Als Gast meiner Mutter erkrankte er in Traunstein just in der Kaffeestunde, als er, die lange Pfeife in der Hand, eine ausgiebige Geschichte von einem erlegten Hirsch begonnen hatte.
Ganz plötzlich überfiel ihn ein Schüttelfrost, der ihn zwang, mit Rauchen und Erzählen aufzuhören und sich ins Bett zu legen.
Ein paar Tage blieb er noch in Traunstein. „Jetzt blasen wir Halali“, sagte er zu meiner Mutter kurz vor dem Abschied, und er hörte lächelnd ihren zuversichtlichen Tröstungen zu.
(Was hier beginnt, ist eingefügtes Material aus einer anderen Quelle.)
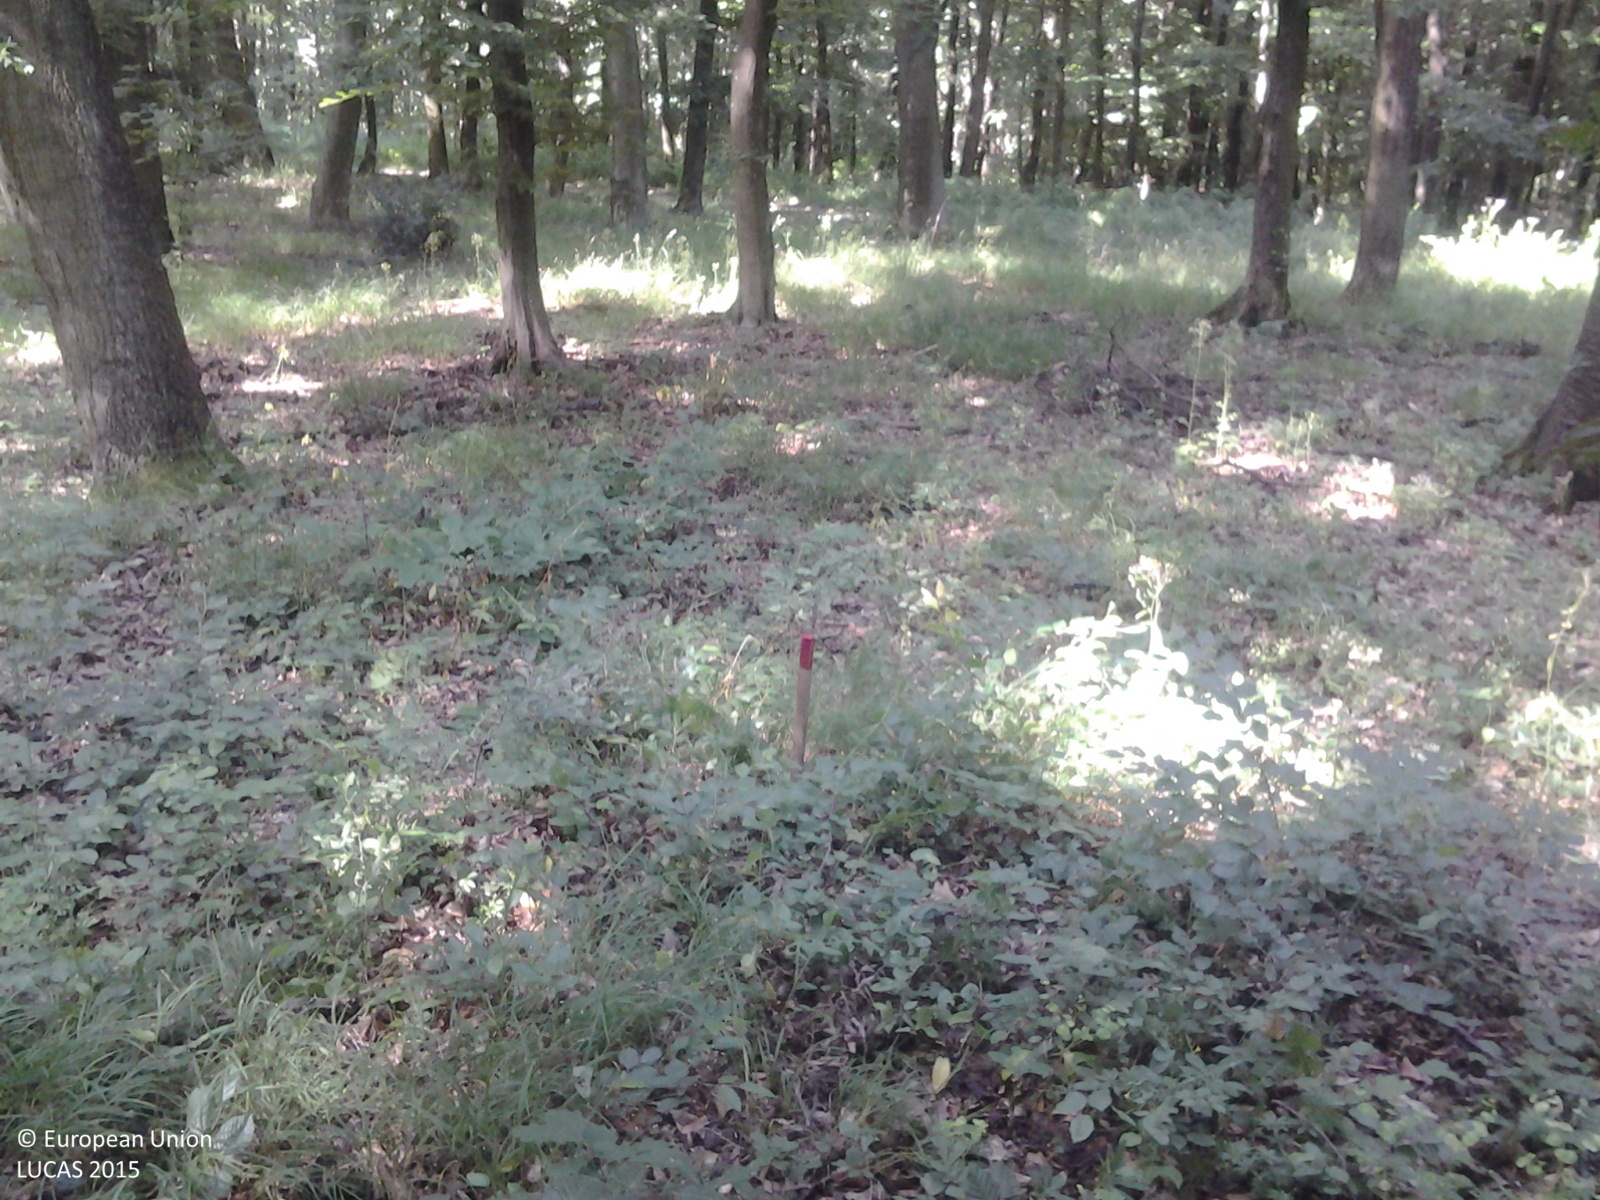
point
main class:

„Nein, nein, Frau Oberförster“, erwiderte er. „Diesmal is es Ernst und macht auch nix. Ich kann jeden Tag abmarschieren, mein Rucksack is schon gepackt.“
Verwandte holten ihn ab und brachten ihn nach München, wo er gelassen und vornehm die letzten Dinge abmachte.
Julius Noerr kam in den ersten Jahren zu längerem Aufenthalt und malte in Prien, Übersee, Bernau Studien, aber vielleicht war ihm der Chiemsee zu sehr Domäne einzelner, oder er fand nicht, was er suchte, jedenfalls beschränkte er sich später auf vorübergehende Besuche, die nur der Pflege alter Freundschaft galten.
Ich durfte ihn zuweilen in seinem Atelier in der Schillerstraße aufsuchen, und was ich bei ihm an Zeichnungen, Porträtskizzen, Landschaftsstudien, an Vorarbeiten für jedes Bild gesehen habe, gibt mir heute noch, so weit das auch zurückliegt, einen Maßstab für das ehrliche, große Können Noerrs und manches Zeitgenossen von ihm, und ich bin überzeugt, daß mich diese Jugendeindrücke gefeit haben gegen allen Schwindel, der seitdem getrieben worden ist. Ich lernte verstehen, warum nur ehrliche Arbeit wirkliche Werte schaffen kann.
Und gewiß schlug damals meine Liebe für diese von aller Manie, Methode und Mode freie Kunst die ersten Wurzeln.
Sie ist mit den Jahren immer stärker geworden, und heute, wo galizische Schwindler alle Begriffe umfälschen dürfen, betrachte ich es als Glück, zu Noerr, Spitzweg, Steub und manchem anderen Altmünchner zu fliehen.
Der See war der schönste Tummelplatz für einen gesunden Buben, und ich brachte jeden Tag, den ich loskam, darauf zu. Die ängstlichen Bedenken meiner Mutter wurden durch den Westernacher Franz, der meinem Rudern das beste Zeugnis ausstellte, beseitigt.